Thesis defense

Language acquisition in brains and deep learning algorithms

Speaker(s)
Linnea Evanson
Practical information
06 December 2024
4pm
Place

Amphithéâtre Louis Liard, 17 rue de la Sorbonne, 75006 Paris

LSCP

Jury:

Laura Gwilliams – Stanford University, rapporteuse
Adina Williams – META AI New York, rapporteuse
Ghislaine Dehaene-Lambertz - Paris-Saclay University, examinatrice
Alejandrina Cristia – Ecole Normale Supérieure, examinatrice


Jean-Rémi King– Ecole Normale Supérieure, co-directeur de thèse
Pierre Bourdillon – HFAR, directeur de thèse

 

Abstract:

 

Children are able to acquire language with seemingly no effort. They transform from incoherent babblers at birth to understanding their native language, largely without being taught. What neural representations underlie this fundamentally human ability during development? In this thesis, I investigate the neural representations of language in children from two years old up to adulthood, using deep language algorithms as models.

To this aim, I collect the first intracranial dataset of children listening to natural language. The dataset includes over 5,000 electrodes from 19 children (2-11 years old) and 13 adolescents and adults (12-33 years old). These high spatio-temporally resolved signals offer a unique window into the developing brain, and can be effectively modelled by deep language algorithms which I train using developmentally plausible quantities of data.
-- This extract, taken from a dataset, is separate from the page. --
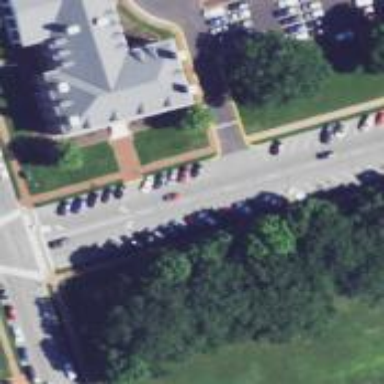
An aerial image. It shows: Footway along the road.

First, our modelling results establish the behavioural trajectories of text models as similar to those of children. Second, our experimental data reveals a remarkable similarity in the language neural hierarchy between children and adults using encoding and decoding analyses of stereo-EEG (sEEG) signal. In addition to formal linguistic properties, we show that a deep neural network, trained with self-supervised learning on natural speech sounds, effectively accounts for these spatio-temporal dynamics. Third, we introduce a method to track the stages of neural language development by modelling sEEG data across development using 371 training steps of a self-supervised speech model.

Overall, these findings show how modern AI algorithms help model the hierarchy of natural language processing, not only in adults, but also in the developing brain.